I guess I will try sending Google another email about it. Maybe if I keep at them, they will answer my questions. As someone mentioned earlier, I doubt that even someone working for Google could explain it. They might be able to fix it but I doubt they could explain it unless I have developed the biggest blind spot in the world.
Really, there aren't *that* many legitimate reasons for a popular site to suddenly get banned.
There is another way of doing it, I've tried that with fairly good result.
Replace your old site with one single page. On this page, link to many authorities in your field (20-30 or so). Put these links at the bottom of the page, make them same color as background if you wish, you are not bothered by being listed by Google here. In fact you couldn't care less if they ban the site again.
In the upper visible screen area of the page - put one big JPEG picture saying something like:
"Site has moved - read all about exiting new gizmos HERE"
Link the JPEG to your new site.
User sees "Oops, click here to get to the site".
Google sees "link page with lots of stuff, one of them being your new site". Dilutes bad karma. Do it with CSS so the authority links come first in the HTML but last (visibly) to a human user.
Variations: Make it more pictures so many other pictures link to some authority site. Make sure these pictures are very bland, maybe even squares of same color as background. This makes your linked pic stand out less to Google.
Variation no 2 (slight risk): Make this page REALLY black hat. Use everything forbidden, who cares. Add another 50 of these pages, all totally black hat. All linking to a page on your new site but also to a LOT of other stuff. You will get 50-80% click-through from users who arrive via a search engine and probably near 100% from old users accessing the old site directly.
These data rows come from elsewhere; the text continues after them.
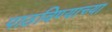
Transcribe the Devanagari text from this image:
पाठविण्याच्या
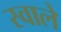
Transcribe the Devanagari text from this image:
स्वाले
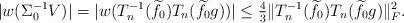
LaTeX: \begin{align*}|w(\Sigma_0^{-1}V)| = |w(T_n^{-1}(\widetilde{f}_0) T_n(\widetilde{f}_0g))| \leq \tfrac{4}{3}\|T_n^{-1}(\widetilde{f}_0) T_n(\widetilde{f}_0g)\|_F^2.\end{align*}
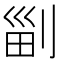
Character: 㓯
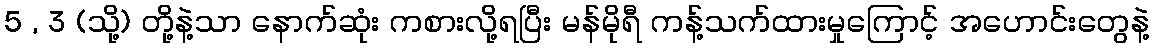
5 , 3 (သို့) တို့နဲ့သာ နောက်ဆုံး ကစားလို့ရပြီး မန်မိုရီ ကန့်သက်ထားမှုကြောင့် အဟောင်းတွေနဲ့
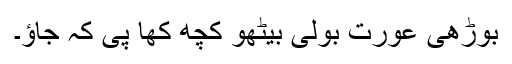
بوڑھی عورت بولی بیٹھو کچھ کھا پی کہ جاؤ۔
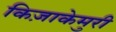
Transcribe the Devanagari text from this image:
किज़ाकेमुरी
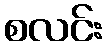
စလင်း
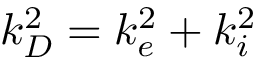
k _ { D } ^ { 2 } = k _ { e } ^ { 2 } + k _ { i } ^ { 2 }
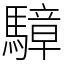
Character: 騿
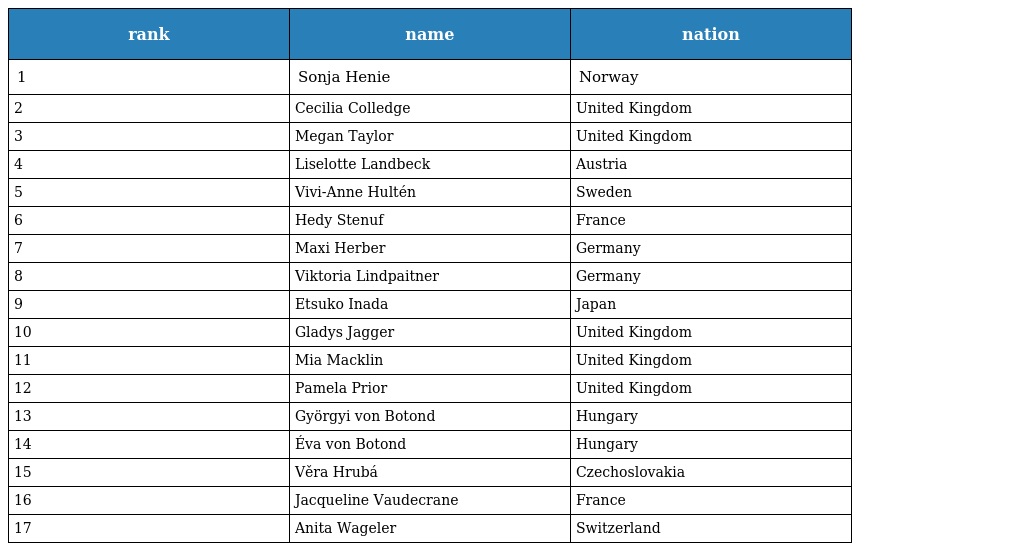
| rank | name | nation |
 | --- | --- | --- |
 | 1 | Sonja Henie | Norway |
 | 2 | Cecilia Colledge | United Kingdom |
 | 3 | Megan Taylor | United Kingdom |
 | 4 | Liselotte Landbeck | Austria |
 | 5 | Vivi-Anne Hultén | Sweden |
 | 6 | Hedy Stenuf | France |
 | 7 | Maxi Herber | Germany |
 | 8 | Viktoria Lindpaitner | Germany |
 | 9 | Etsuko Inada | Japan |
 | 10 | Gladys Jagger | United Kingdom |
 | 11 | Mia Macklin | United Kingdom |
 | 12 | Pamela Prior | United Kingdom |
 | 13 | Györgyi von Botond | Hungary |
 | 14 | Éva von Botond | Hungary |
 | 15 | Věra Hrubá | Czechoslovakia |
 | 16 | Jacqueline Vaudecrane | France |
 | 17 | Anita Wageler | Switzerland |
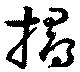
撏
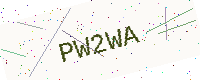
Text: PW2WA
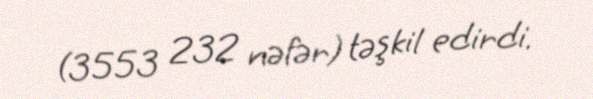
(3553 232 nəfər) təşkil edirdi.
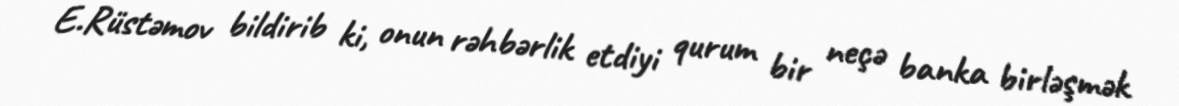
E.Rüstəmov bildirib ki, onun rəhbərlik etdiyi qurum bir neçə banka birləşmək
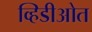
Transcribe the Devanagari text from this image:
व्हिडीओत
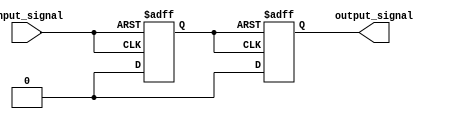
module schmitt_trigger_buffer (
    input wire input_signal,
    output reg output_signal
);

reg internal_signal;

always @ (posedge input_signal or negedge input_signal)
    if (input_signal)
        internal_signal <= 1;
    else
        internal_signal <= 0;

always @ (posedge internal_signal or negedge internal_signal)
    if (internal_signal)
        output_signal <= 1;
    else
        output_signal <= 0;

endmodule
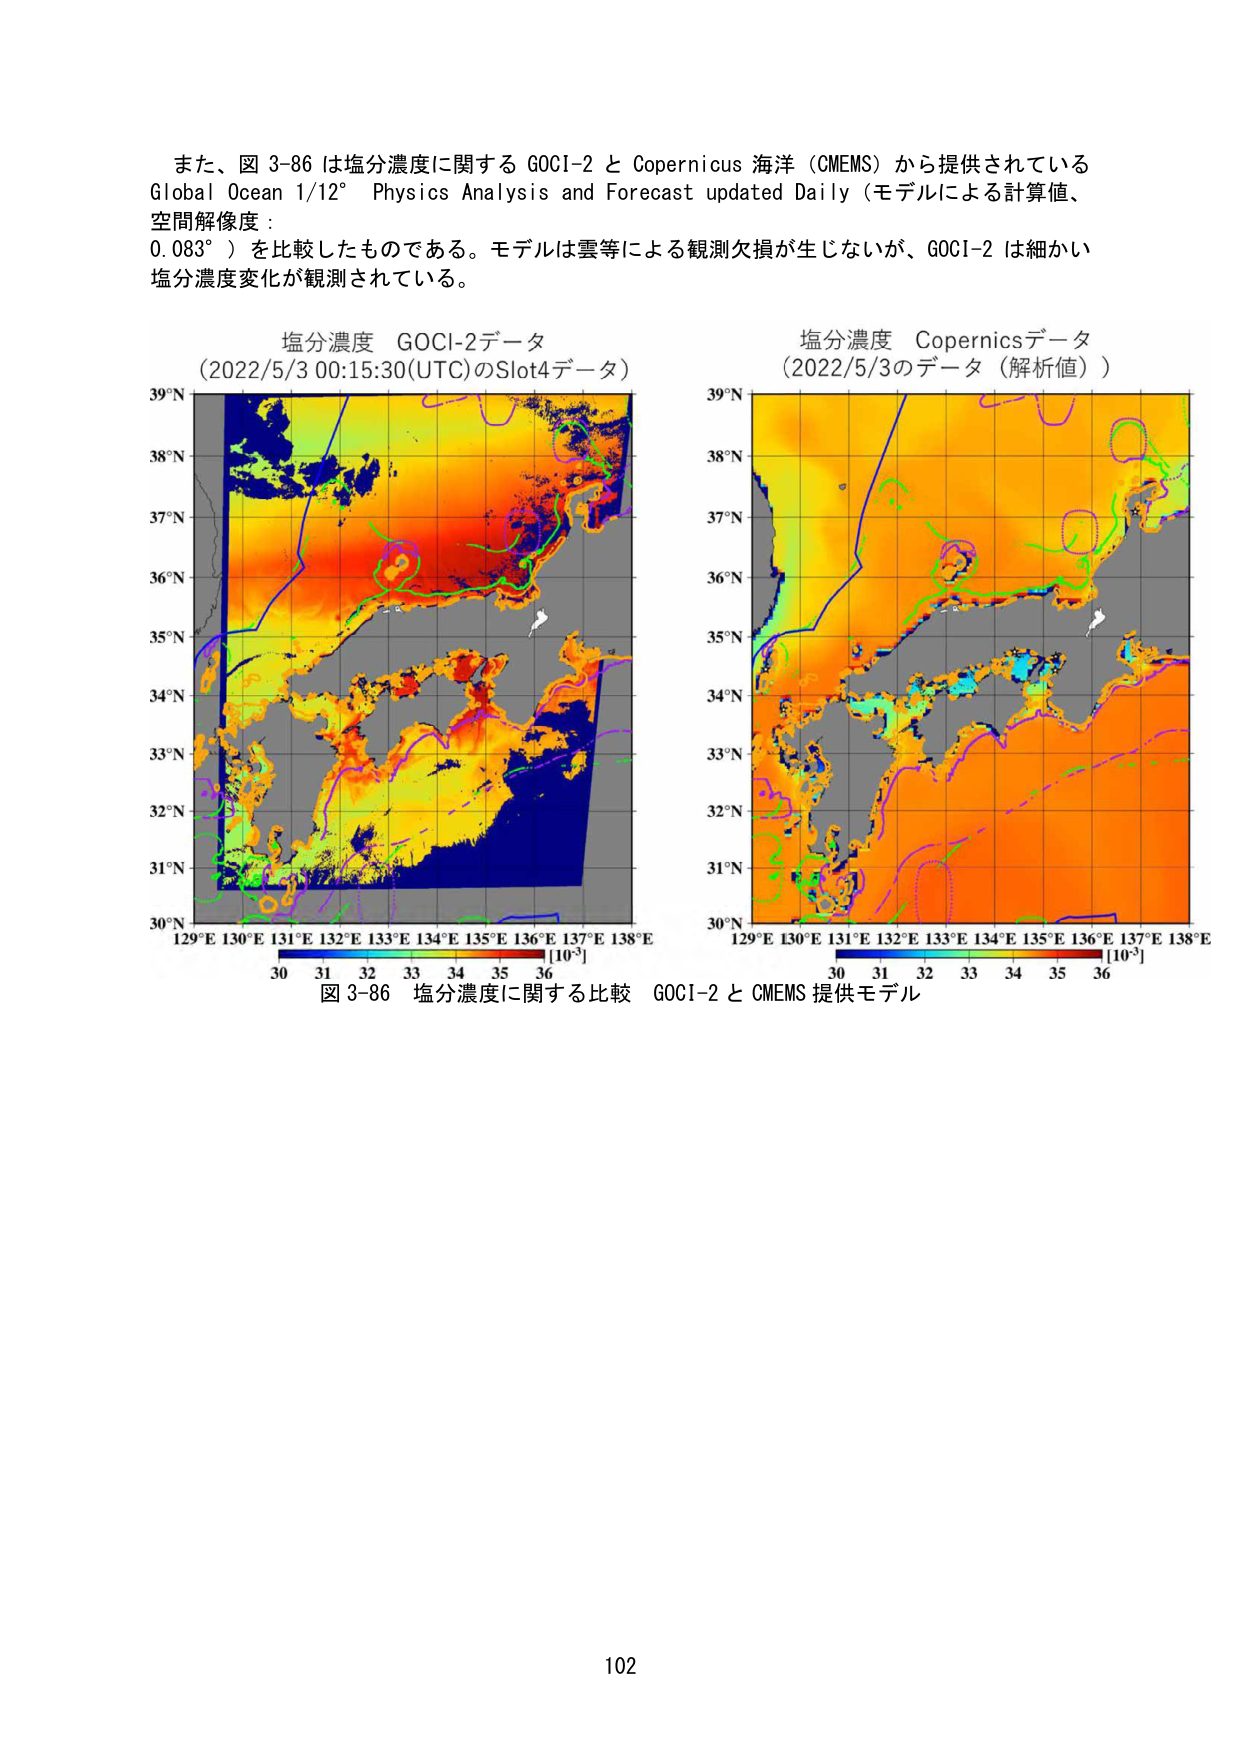
また、図 3-86 は塩分濃度に関する GOCI-2 と Copernicus 海洋（CMEMS）から提供されている Global Ocean 1/12° Physics Analysis and Forecast updated Daily（モデルによる計算値、空間解像度：0.083°）を比較したものである。モデルは雲等による観測欠損が生じないが、GOCI-2 は細かい塩分濃度変化が観測されている。

塩分濃度 GOCI-2データ
（2022/5/3 00:15:30(UTC)のSlot4データ）

塩分濃度 Copernicusデータ
（2022/5/3のデータ（解析値））

39°N
38°N
37°N
36°N
35°N
34°N
33°N
32°N
31°N
30°N
129°E 130°E 131°E 132°E 133°E 134°E 135°E 136°E 137°E 138°E
[10⁻³]
30 31 32 33 34 35 36

39°N
38°N
37°N
36°N
35°N
34°N
33°N
32°N
31°N
30°N
129°E 130°E 131°E 132°E 133°E 134°E 135°E 136°E 137°E 138°E
[10⁻³]
30 31 32 33 34 35 36

図 3-86 塩分濃度に関する比較 GOCI-2 と CMEMS 提供モデル

102

Risk is that someone complains to Google who then decides to ban the new site as well.
I'm not sure if I would do any of that but I do appreciate you sharing your knowledge with me. It certainly gave me a lot to think about.
It sounds like you have some experience with situations like these. Do you have any suggestions as to what could have caused this to happen?
Is your page rank greyed out? The pr on mine is not greyed out which makes me wonder if it is a glitch?
Analytics is saying that I have an error on the sitemap, but honestly is that enough to get it banned?
I am going to look into the hijacking possibility, but if that were the case, I wouldn't have been seeing *any* traffic from Google, correct? I have seen quite a bit up until the past few days. Now we are completely de-listed.
I'm not sure if it would show right away though if you lost your PR. Wouldn't we have to wait until the next PR update to know for sure?
Like you, I suspect that this is some kind of glitch and I don't think your sitemap has anything to do with it. Never-the-less, I would fix it if you can. Have you had a sitemap up for very long? I'm sure my problem isn't related to that because I didn't put one up until this problem surfaced.
Do you have a Webmaster tools account? If so, does it show any errors when crawling your site?
Ever since we had a proxy hijack many pages never reapeared in GWT. And the latest Google.com site: query shows that many pages are totally gone awol again.
It's like we are penalized now for what others did to us long time ago.
You may be in the same situation. I too went through the process of checking our servers, hired security experts and everything, found nothing.
In reality, any page on the site is directly accessible from any other page. I wonder if that could actually be a contributing factor? Do any of you use a similar navigation system? (Mine uses Javascript and divs to make it possible.)
Google does now "look at" some javascript, but only as text. It does not execute that script -- so if your site's internal linking depends on javascript for the user to see it, then googlebot doesn't really see it either, at least not as links.
Javascript is client-side, executed on the client's end. Turn off javascript and see what your pages look like. That's a lot like what a spider would see.
Even if it did, when Javascript is disabled the navigation works like a bread crub style navagation.